=== Extracted entries ===
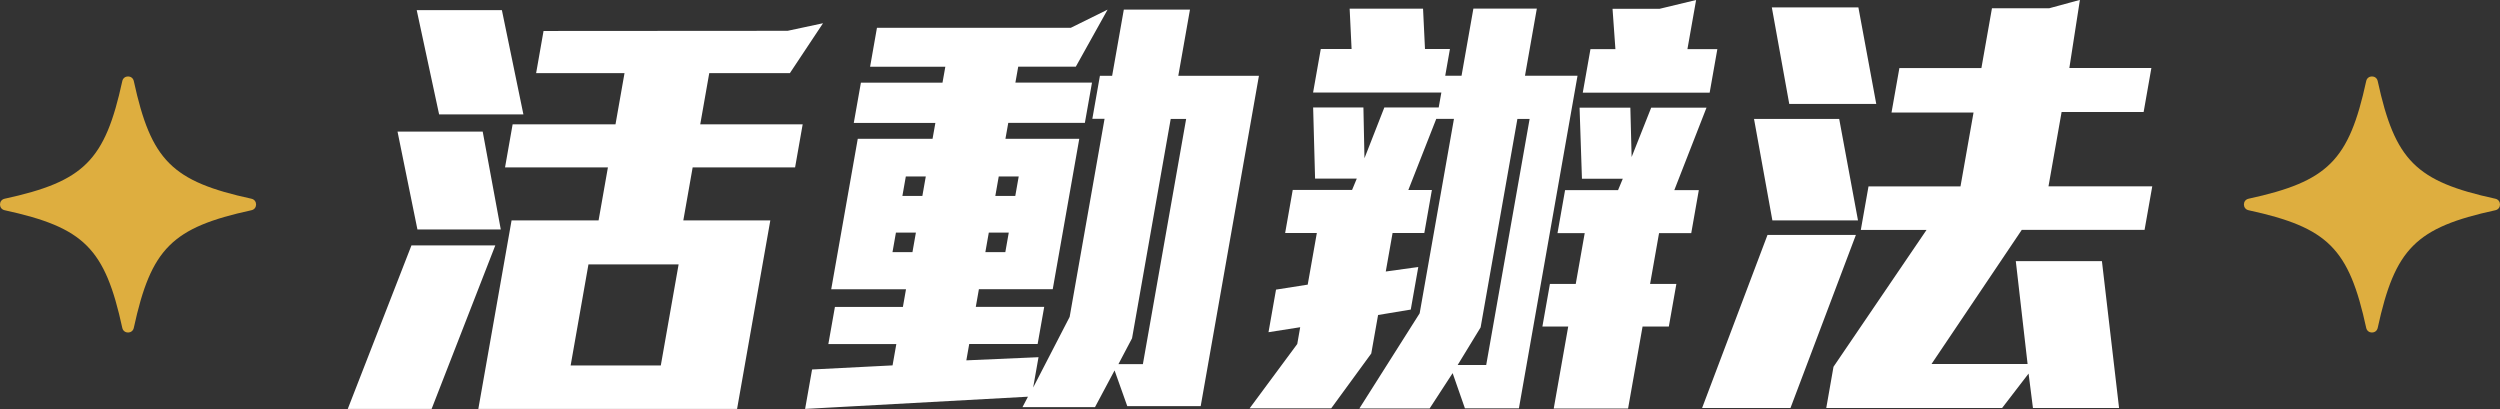 <svg width="452" height="74" viewBox="0 0 452 74" fill="none" xmlns="http://www.w3.org/2000/svg">
    <rect x="0" y="0" width="452" height="74" fill="#333333" stroke="none"/>
    <g clip-path="url(#ze9glngvxa)">
        <path d="M78.032 73.942h-15.16l11.52-29.58h15.16l-11.52 29.58zm-2.56-32.451-3.6-17.7h15.4l3.27 17.7h-15.08.01zm3.92-20.81-4.05-18.85h15.4l3.89 18.85h-15.24zm63.421-7.46h-14.58l-1.63 9.26h18.52l-1.37 7.78h-18.52l-1.69 9.59h15.73l-6.01 34.08H86.482l6.01-34.08h15.73l1.69-9.59h-18.6l1.37-7.78h18.6l1.631-9.26h-15.98l1.34-7.62 44.13-.03 6.4-1.37-5.99 9.02zm-20.11 34.58h-16.311l-3.22 18.27h16.301l3.22-18.27h.01zM203.815 73.442l-2.301-6.47-3.54 6.64h-13.11l.99-1.89-40.291 2.21 1.26-7.13 14.551-.74.68-3.85h-12.291l1.19-6.72h12.291l.56-3.19h-13.521l4.8-27.201h13.521l.51-2.87h-14.751l1.29-7.29h14.751l.51-2.87h-13.601l1.241-7.05h35.06l6.64-3.281-5.75 10.32h-10.41l-.51 2.87h13.85l-1.29 7.29h-13.85l-.51 2.87h13.35l-4.8 27.201h-13.35l-.56 3.19h12.37l-1.19 6.72h-12.37l-.52 2.95 13.05-.57-.97 5.49 6.6-12.78 6.31-35.81h-2.21l1.37-7.78h2.21l2.11-11.961h11.961l-2.11 11.96h14.58l-10.53 59.732h-13.27v.01zM165.594 42.06h-3.61l-.62 3.52h3.61l.62-3.52zm1.79-10.16h-3.61l-.62 3.52h3.61l.62-3.52zm15 10.16h-3.61l-.62 3.52h3.61l.62-3.52zm1.8-10.16h-3.61l-.62 3.52h3.61l.62-3.52zm30.261-10.4h-2.78l-6.99 39.66-2.461 4.67h4.421l7.82-44.33h-.01zM264.866 73.852l-2.23-6.39-4.16 6.39h-12.701l10.901-17.21 6.2-35.152h-3.2l-5.05 12.86h4.26l-1.37 7.78h-5.74l-1.23 6.961 5.88-.82-1.36 7.7-5.91.98-1.231 6.96-7.24 9.91h-14.75l8.61-11.63.53-3.03-5.73.9 1.36-7.7 5.73-.9 1.65-9.34h-5.73l1.37-7.78h10.73l.85-2.05h-7.54l-.35-12.86h9.09l.19 9.18 3.591-9.18h9.83l.48-2.7h-23.191l1.39-7.87h5.57l-.35-7.291h13.271l.35 7.29h4.51l-.85 4.83h2.95l2.14-12.13h11.47l-2.14 12.13h9.5l-10.6 60.142h-9.75v.02zm11.69-52.352h-2.21l-6.65 37.691-4.15 6.8h5.16l7.85-44.49zm23.401 20.65-1.62 9.181h4.75l-1.36 7.7h-4.75l-2.62 14.83h-13.441l2.62-14.83h-4.67l1.36-7.7h4.67l1.62-9.18h-4.92l1.37-7.78h9.58l.851-2.05h-7.381l-.43-12.86h9.181l.23 8.93 3.54-8.93h10l-5.82 14.91h4.43l-1.37 7.78h-5.82zm-13.791-25.4 1.39-7.87h4.51l-.52-7.29h8.511l6.6-1.59-1.57 8.88h5.41l-1.39 7.87h-22.941zM323.717 73.772h-15.98l11.83-31.301h15.98l-11.83 31.3zm-3.27-33.921-3.32-18.35h15.4l3.4 18.35h-15.49.01zm3.05-21.06-3.15-17.451h15.65l3.23 17.45h-15.73zm44.061 54.98-.79-6.23-4.79 6.23h-31.791l1.31-7.46 16.821-24.74h-11.881l1.39-7.87h16.631l2.36-13.36h-14.83l1.42-8.03h14.83l1.91-10.821h10.36l5.54-1.51-1.91 12.32h14.831l-1.4 7.95h-14.831l-2.37 13.44h18.761l-1.39 7.87h-22.201l-16.32 24.251h17.37l-2.13-18.6h15.57l3.1 26.55h-15.57v.01z" fill="#fff"/>
        <path d="M451.16 35.93c-14.38-3.13-18.14-6.89-21.271-21.27-.24-1.12-1.84-1.12-2.08 0-3.13 14.38-6.89 18.14-21.27 21.27-1.12.24-1.12 1.84 0 2.08 14.38 3.131 18.14 6.891 21.27 21.271.24 1.12 1.84 1.12 2.08 0 3.131-14.38 6.891-18.14 21.271-21.27 1.12-.24 1.12-1.84 0-2.08zM45.461 35.93c-14.38-3.13-18.14-6.89-21.27-21.27-.24-1.12-1.84-1.12-2.08 0C18.98 29.04 15.22 32.8.84 35.93c-1.12.24-1.12 1.84 0 2.08 14.38 3.131 18.14 6.891 21.27 21.271.24 1.12 1.84 1.12 2.08 0 3.13-14.38 6.89-18.14 21.271-21.27 1.12-.24 1.12-1.84 0-2.08z" fill="#DEAE3F"/>
    </g>
    <defs>
        <clipPath id="ze9glngvxa">
            <path fill="#fff" d="M0 0h451.99v73.94H0z"/>
        </clipPath>
    </defs>
</svg>
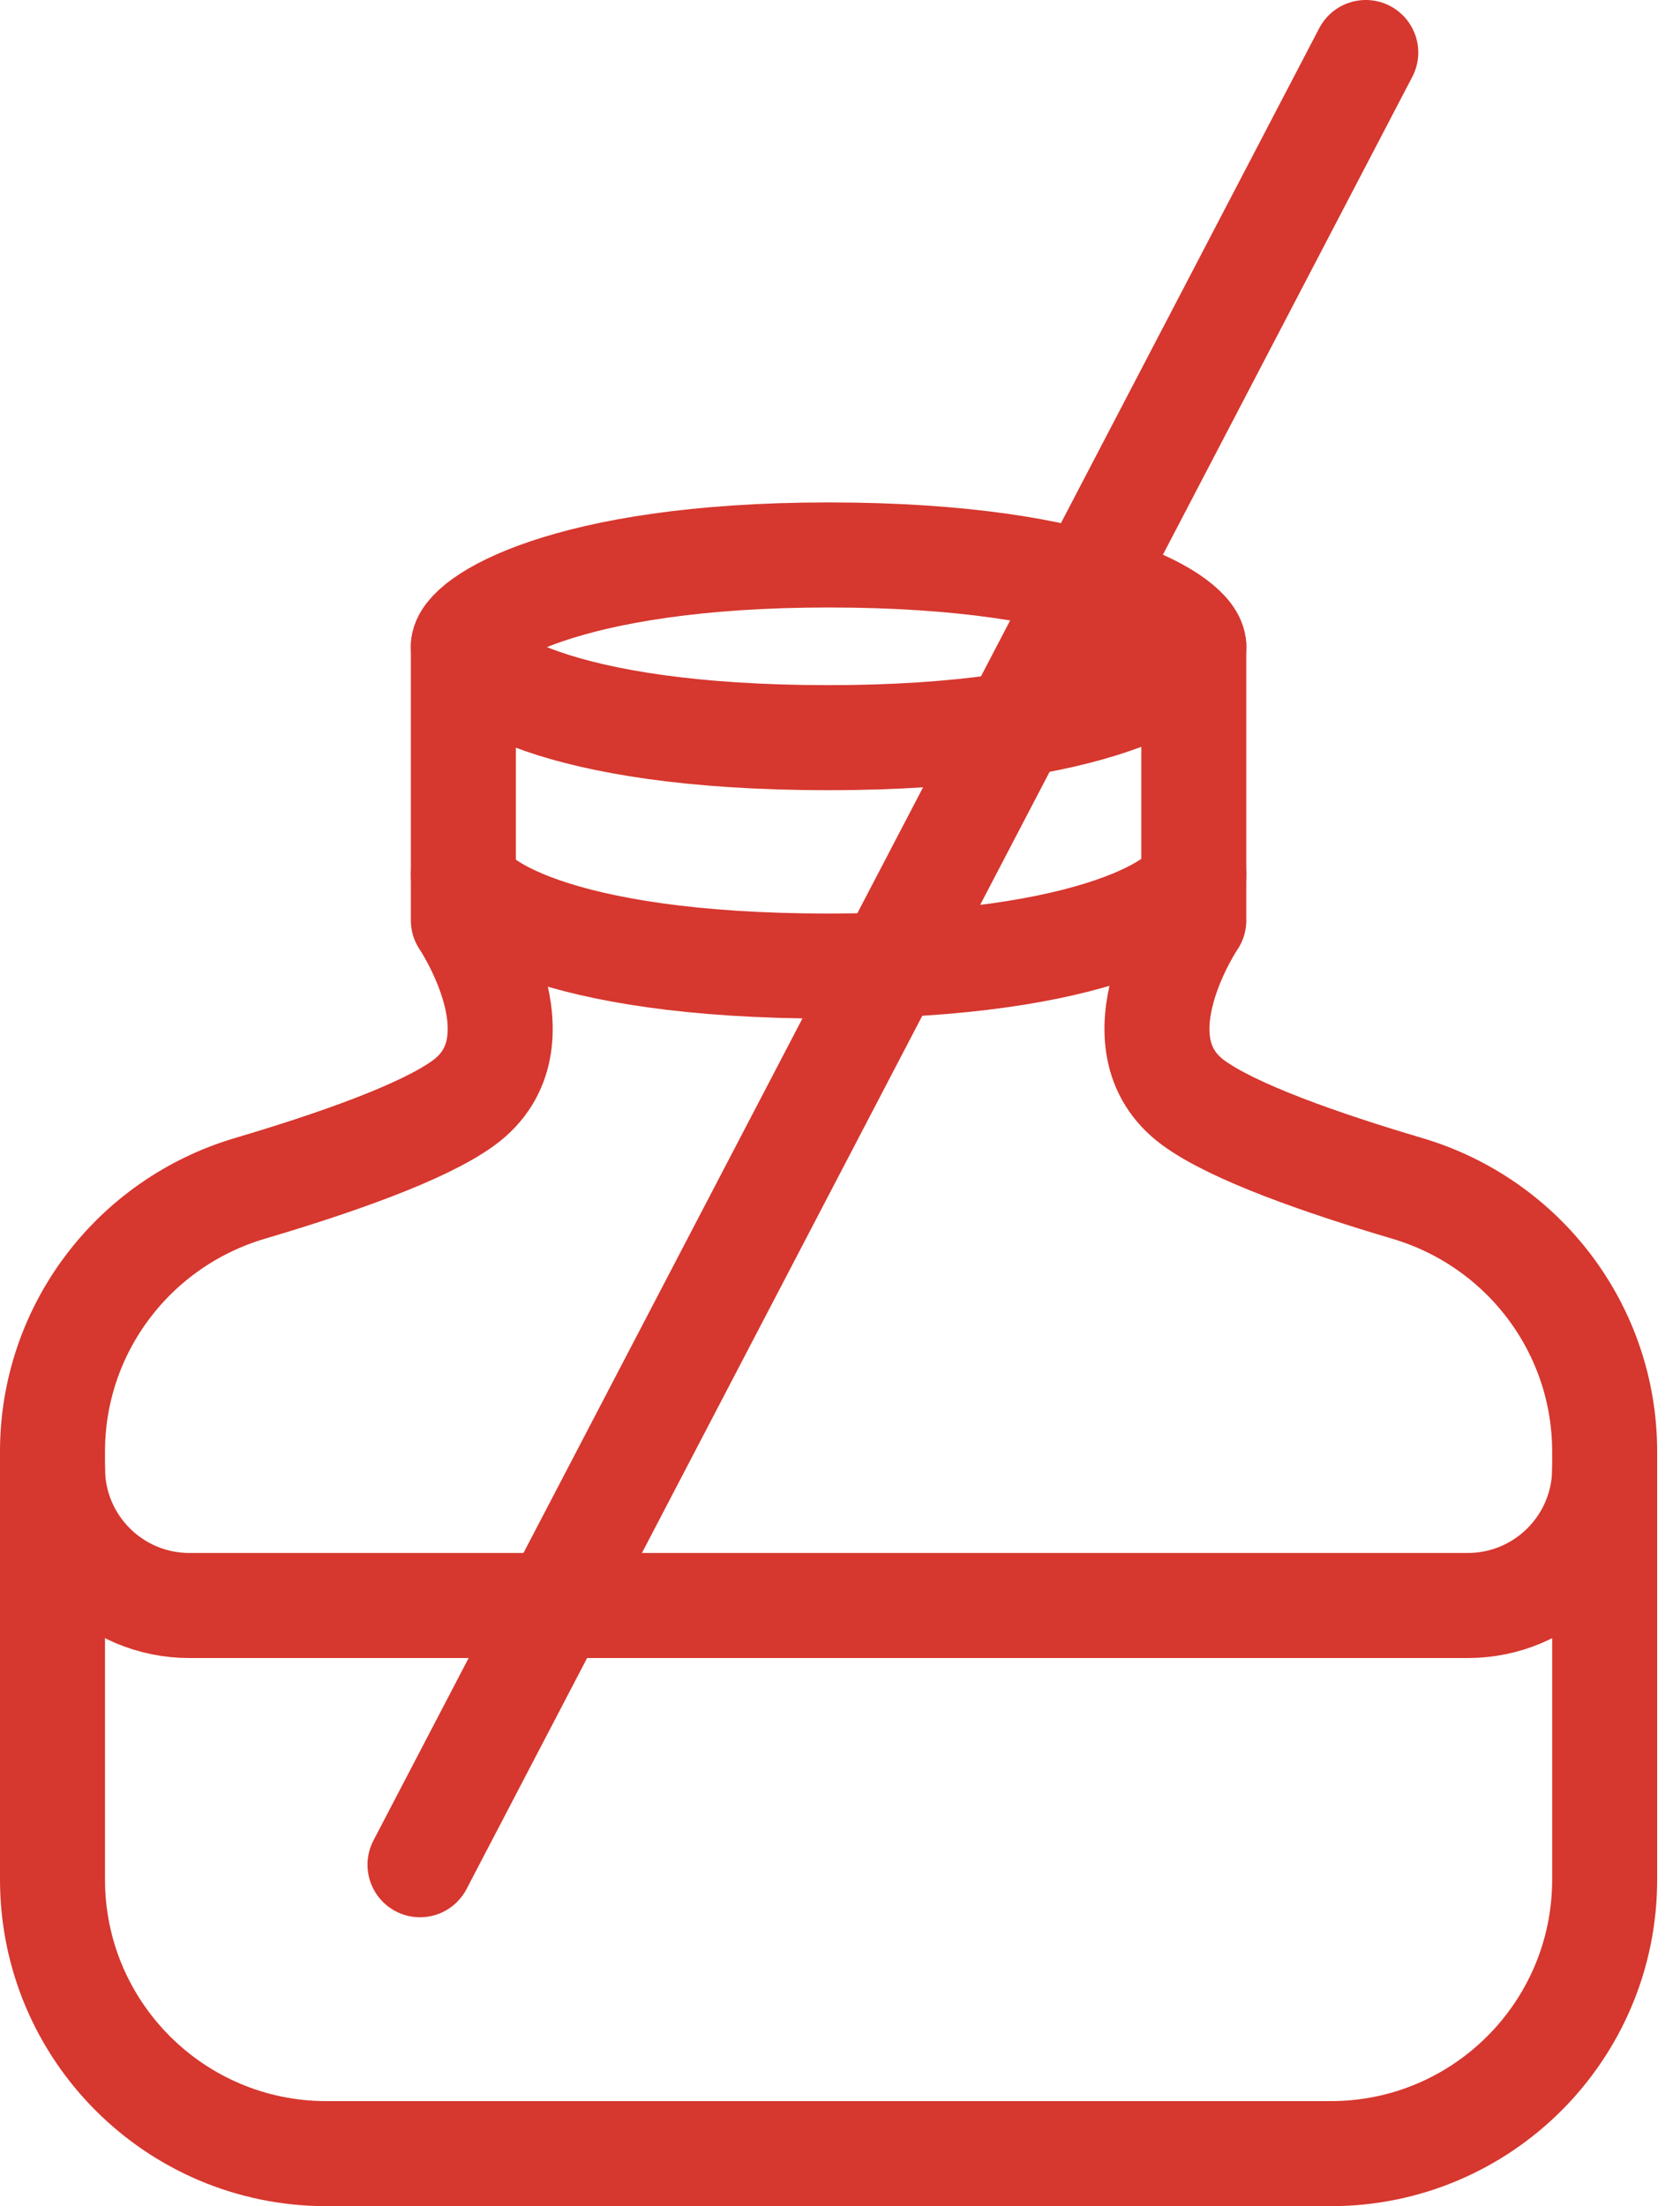 <?xml version="1.0" encoding="UTF-8"?>
<svg width="64px" height="84px" viewBox="0 0 64 84" version="1.1" xmlns="http://www.w3.org/2000/svg" xmlns:xlink="http://www.w3.org/1999/xlink">
    <!-- Generator: Sketch 49.3 (51167) - http://www.bohemiancoding.com/sketch -->
    <title>icon</title>
    <desc>Created with Sketch.</desc>
    <defs></defs>
    <g id="Desktop" stroke="none" stroke-width="1" fill="none" fill-rule="evenodd" stroke-linecap="round" stroke-linejoin="round">
        <g id="hire-us@2x" transform="translate(-402, -1366)" stroke="#D6372E" stroke-width="4">
            <g id="section-2" transform="translate(-23, 963)">
                <g id="grid" transform="translate(357, 345)">
                    <g id="item">
                        <g id="icon" transform="translate(70, 60)">
                            <path d="M43.478,22.609 C43.478,23.57 39.828,26.087 29.565,26.087 C19.042,26.087 15.652,23.57 15.652,22.609 C15.652,21.647 19.504,19.13 29.565,19.13 C39.828,19.13 43.478,21.647 43.478,22.609 Z" id="Stroke-1"></path>
                            <path d="M43.478,22.609 L43.478,33.043 C43.478,33.043 40.32,37.708 43.478,40 C45.016,41.117 48.391,42.296 51.617,43.25 C56.063,44.569 59.13,48.63 59.13,53.268 L59.13,69.565 C59.13,75.327 54.457,80 48.696,80 L10.435,80 C4.673,80 0,75.327 0,69.565 L0,53.268 C0,48.63 3.068,44.569 7.513,43.25 C10.739,42.296 14.115,41.117 15.652,40 C18.81,37.708 15.652,33.043 15.652,33.043 L15.652,22.609" id="Stroke-3"></path>
                            <path d="M43.478,31.304 C43.478,32.266 39.828,34.783 29.565,34.783 C19.042,34.783 15.652,32.266 15.652,31.304" id="Stroke-5"></path>
                            <path d="M14,69 L50.029,0" id="Stroke-7"></path>
                            <path d="M0,53.913 C0,56.795 2.336,59.13 5.217,59.13 L53.913,59.13 C56.795,59.13 59.13,56.795 59.13,53.913" id="Stroke-9"></path>
                        </g>
                    </g>
                </g>
            </g>
        </g>
    </g>
</svg>

=== Problem to solve ===
All of the entries must be reproduced exactly, with no pictures kept.

=== Output of the task ===
 <svg width="452" height="74" viewBox="0 0 452 74" fill="none" xmlns="http://www.w3.org/2000/svg">
    <rect x="0" y="0" width="452" height="74" fill="#333333" stroke="none"/>
    <g clip-path="url(#ze9glngvxa)">
        <path d="M78.032 73.942h-15.16l11.52-29.58h15.16l-11.52 29.58zm-2.56-32.451-3.6-17.7h15.4l3.27 17.7h-15.08.01zm3.92-20.81-4.05-18.85h15.4l3.89 18.85h-15.24zm63.421-7.46h-14.58l-1.63 9.26h18.52l-1.37 7.78h-18.52l-1.69 9.59h15.73l-6.01 34.08H86.482l6.01-34.08h15.73l1.69-9.59h-18.6l1.37-7.78h18.6l1.631-9.26h-15.98l1.34-7.62 44.13-.03 6.4-1.37-5.99 9.02zm-20.11 34.58h-16.311l-3.22 18.27h16.301l3.22-18.27h.01zM203.815 73.442l-2.301-6.47-3.54 6.64h-13.11l.99-1.89-40.291 2.21 1.26-7.13 14.551-.74.68-3.85h-12.291l1.19-6.72h12.291l.56-3.19h-13.521l4.8-27.201h13.521l.51-2.87h-14.751l1.29-7.29h14.751l.51-2.87h-13.601l1.241-7.05h35.06l6.64-3.281-5.75 10.32h-10.41l-.51 2.87h13.85l-1.29 7.29h-13.85l-.51 2.87h13.35l-4.8 27.201h-13.35l-.56 3.19h12.37l-1.19 6.72h-12.37l-.52 2.95 13.05-.57-.97 5.49 6.6-12.78 6.31-35.81h-2.21l1.37-7.78h2.21l2.11-11.961h11.961l-2.11 11.96h14.58l-10.53 59.732h-13.27v.01zM165.594 42.06h-3.61l-.62 3.52h3.61l.62-3.52zm1.79-10.16h-3.61l-.62 3.52h3.61l.62-3.52zm15 10.16h-3.61l-.62 3.52h3.61l.62-3.52zm1.8-10.16h-3.61l-.62 3.52h3.61l.62-3.52zm30.261-10.4h-2.78l-6.99 39.66-2.461 4.67h4.421l7.82-44.33h-.01zM264.866 73.852l-2.23-6.39-4.16 6.39h-12.701l10.901-17.21 6.2-35.152h-3.2l-5.05 12.86h4.26l-1.37 7.78h-5.74l-1.23 6.961 5.88-.82-1.36 7.7-5.91.98-1.231 6.96-7.24 9.91h-14.75l8.61-11.63.53-3.03-5.73.9 1.36-7.7 5.73-.9 1.65-9.34h-5.73l1.37-7.78h10.73l.85-2.05h-7.54l-.35-12.86h9.09l.19 9.18 3.591-9.18h9.83l.48-2.7h-23.191l1.39-7.87h5.57l-.35-7.291h13.271l.35 7.29h4.51l-.85 4.83h2.95l2.14-12.13h11.47l-2.14 12.13h9.5l-10.6 60.142h-9.75v.02zm11.69-52.352h-2.21l-6.65 37.691-4.15 6.8h5.16l7.85-44.49zm23.401 20.65-1.62 9.181h4.75l-1.36 7.7h-4.75l-2.62 14.83h-13.441l2.62-14.83h-4.67l1.36-7.7h4.67l1.62-9.18h-4.92l1.37-7.78h9.58l.851-2.05h-7.381l-.43-12.86h9.181l.23 8.93 3.54-8.93h10l-5.82 14.91h4.43l-1.37 7.78h-5.82zm-13.791-25.4 1.39-7.87h4.51l-.52-7.29h8.511l6.6-1.59-1.57 8.88h5.41l-1.39 7.87h-22.941zM323.717 73.772h-15.98l11.83-31.301h15.98l-11.83 31.3zm-3.27-33.921-3.32-18.35h15.4l3.4 18.35h-15.49.01zm3.05-21.06-3.15-17.451h15.65l3.23 17.45h-15.73zm44.061 54.98-.79-6.23-4.79 6.23h-31.791l1.31-7.46 16.821-24.74h-11.881l1.39-7.87h16.631l2.36-13.36h-14.83l1.42-8.03h14.83l1.91-10.821h10.36l5.54-1.51-1.91 12.32h14.831l-1.4 7.95h-14.831l-2.37 13.44h18.761l-1.39 7.87h-22.201l-16.32 24.251h17.37l-2.13-18.6h15.57l3.1 26.55h-15.57v.01z" fill="#fff"/>
        <path d="M451.16 35.93c-14.38-3.13-18.14-6.89-21.271-21.27-.24-1.12-1.84-1.12-2.08 0-3.13 14.38-6.89 18.14-21.27 21.27-1.12.24-1.12 1.84 0 2.08 14.38 3.131 18.14 6.891 21.27 21.271.24 1.12 1.84 1.12 2.08 0 3.131-14.38 6.891-18.14 21.271-21.27 1.12-.24 1.12-1.84 0-2.08zM45.461 35.93c-14.38-3.13-18.14-6.89-21.27-21.27-.24-1.12-1.84-1.12-2.08 0C18.98 29.04 15.22 32.8.84 35.93c-1.12.24-1.12 1.84 0 2.08 14.38 3.131 18.14 6.891 21.27 21.271.24 1.12 1.84 1.12 2.08 0 3.13-14.38 6.89-18.14 21.271-21.27 1.12-.24 1.12-1.84 0-2.08z" fill="#DEAE3F"/>
    </g>
    <defs>
        <clipPath id="ze9glngvxa">
            <path fill="#fff" d="M0 0h451.99v73.94H0z"/>
        </clipPath>
    </defs>
</svg>
 <?xml version="1.0" encoding="UTF-8"?>
<svg width="64px" height="84px" viewBox="0 0 64 84" version="1.1" xmlns="http://www.w3.org/2000/svg" xmlns:xlink="http://www.w3.org/1999/xlink">
    <!-- Generator: Sketch 49.3 (51167) - http://www.bohemiancoding.com/sketch -->
    <title>icon</title>
    <desc>Created with Sketch.</desc>
    <defs></defs>
    <g id="Desktop" stroke="none" stroke-width="1" fill="none" fill-rule="evenodd" stroke-linecap="round" stroke-linejoin="round">
        <g id="hire-us@2x" transform="translate(-402, -1366)" stroke="#D6372E" stroke-width="4">
            <g id="section-2" transform="translate(-23, 963)">
                <g id="grid" transform="translate(357, 345)">
                    <g id="item">
                        <g id="icon" transform="translate(70, 60)">
                            <path d="M43.478,22.609 C43.478,23.57 39.828,26.087 29.565,26.087 C19.042,26.087 15.652,23.57 15.652,22.609 C15.652,21.647 19.504,19.13 29.565,19.13 C39.828,19.13 43.478,21.647 43.478,22.609 Z" id="Stroke-1"></path>
                            <path d="M43.478,22.609 L43.478,33.043 C43.478,33.043 40.32,37.708 43.478,40 C45.016,41.117 48.391,42.296 51.617,43.25 C56.063,44.569 59.13,48.63 59.13,53.268 L59.13,69.565 C59.13,75.327 54.457,80 48.696,80 L10.435,80 C4.673,80 0,75.327 0,69.565 L0,53.268 C0,48.63 3.068,44.569 7.513,43.25 C10.739,42.296 14.115,41.117 15.652,40 C18.81,37.708 15.652,33.043 15.652,33.043 L15.652,22.609" id="Stroke-3"></path>
                            <path d="M43.478,31.304 C43.478,32.266 39.828,34.783 29.565,34.783 C19.042,34.783 15.652,32.266 15.652,31.304" id="Stroke-5"></path>
                            <path d="M14,69 L50.029,0" id="Stroke-7"></path>
                            <path d="M0,53.913 C0,56.795 2.336,59.13 5.217,59.13 L53.913,59.13 C56.795,59.13 59.13,56.795 59.13,53.913" id="Stroke-9"></path>
                        </g>
                    </g>
                </g>
            </g>
        </g>
    </g>
</svg>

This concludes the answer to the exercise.